Since the contextual support for κεφαλη meaning “source” is clear, any translation of this passage should convey this sense to the reader. In English, however “head” does not convey “source,” but rather “authority over,” so it is misleading merely to translate “head” here. The best solution is probably to translate κεφαλη as “source” and add a note, “literally, ‘head.'” (137)
The statement “the man is the κεφαλη (source) of woman,” “is bracketed by two statements that mention Christ and that are so formulated that the name of Christ forms, as it were, an inner bracket” around the creation of woman. …This bracketing suggests that Paul desired the Corinthians to view the relationship of man and woman in light of two pivotal events, creation and redemption. these two pivotal events are the keys to understanding natural and special revelation. The creation of humankind in the image of God and God’s provision for redemption through his very Son provide the two pillars that uphold both the value of human life and the respect people should show to each other. (139)
8 1 Corinthians 11:4: The Disgrace of a Man “Having Down from the Head”

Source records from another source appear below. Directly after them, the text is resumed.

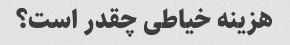
هزینه خیاطی چقدر است؟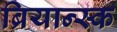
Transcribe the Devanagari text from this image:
ब्रियान्स्क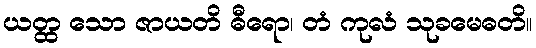
ယတ္ထ သော ဇာယတိ ဓီရော၊ တံ ကုလံ သုခမေဓတိ။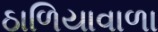
ઠાળિયાવાળા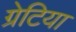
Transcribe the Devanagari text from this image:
ग्रेटिया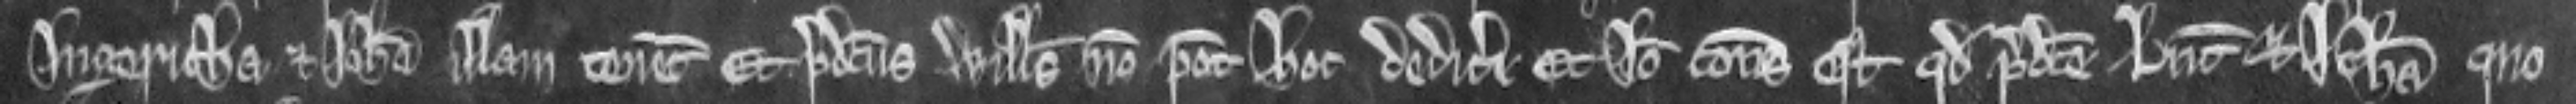
Ingeritha et Johanna illam tenent Et predictus Willelmus non potest hoc dedicere Et ideo consideratum est quod predicte Lucia et Johanna quo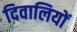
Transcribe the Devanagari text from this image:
दिवालियों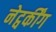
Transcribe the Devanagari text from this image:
नेट्वर्कींग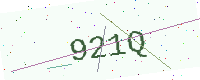
Text: 921Q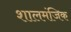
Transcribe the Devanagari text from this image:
शालमंजिक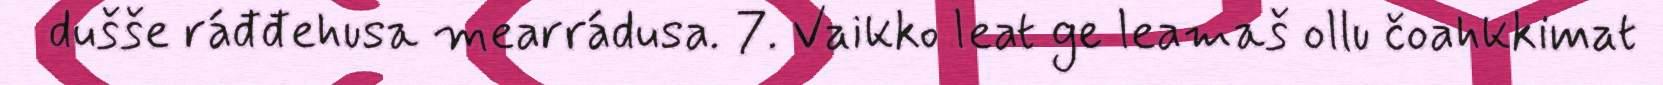
dušše ráđđehusa mearrádusa. 7. Vaikko leat ge leamaš ollu čoahkkimat

Greek, Roman, and Jewish literature of Paul’s day frequently speaks of men wearing long effeminate hair as disgraceful, especially when done up like a woman’s hair. “Effeminate,” from Latin effeminatus, “made womanish” (ex-“out” + femina, “a woman”), entails a man presenting himself as a woman. (142)
9 1 Corinthians 11:5-6: The Disgrace of a Woman’s Head “Uncovered”
It is nearly universally acknowledged that prophesying presupposes a public church meeting. …Prophecy addresses community; it is horizontal. …Thus, the terms “prayer” and “prophecy” suggest the entire scope of leadership in worship. ” (149-150)
This widespread convention that women should wear their hair done up as a modest covering makes perfect sense of Paul’s statement in 1 Cor 11:15 that long hair is given to woman “as a covering.”
DIONYSIAC DEBAUCHERY GAVE HAIR LET DOWN LOOSE DISGRACEFUL ASSOCIATIONS
Men mingling with women and the freedom of darkness added, no form of crime, no sort of wrongdoing, was left untried. … If any of them were disinclined to endure abuse or reluctant to commit crime, they were sacrificed as victims. To consider nothing wrong, she continued, was the highest form of religious devotion among them. – Diodorus of Sicily 2:346-47
Given the popularity of the Dionysiac cult, especially in Corinth, it is not surprising that Paul would write against women letting their hair down. (164)
IT WAS DISGRACEFUL FOR JEWISH WOMAN TO LET THEIR HAIR DOWN. Hair unbound was the sign of the accused adulteress. (Num 5:18)
CONSENSUS AMONG THREE CULTURES: LOOSED HAIR DISGRACES A WOMAN. Hair done up is a sign of her dignity and honor.
So, WHY WOULD WOMEN LET THEIR HAIR DOWN IN THE CORINTHIAN CHURCH? Women would let their hair down for the same reason it was popular in the Dionysiac cult. (169) By letting her hair down in public, a woman places on herself the accusation of adultery. (172)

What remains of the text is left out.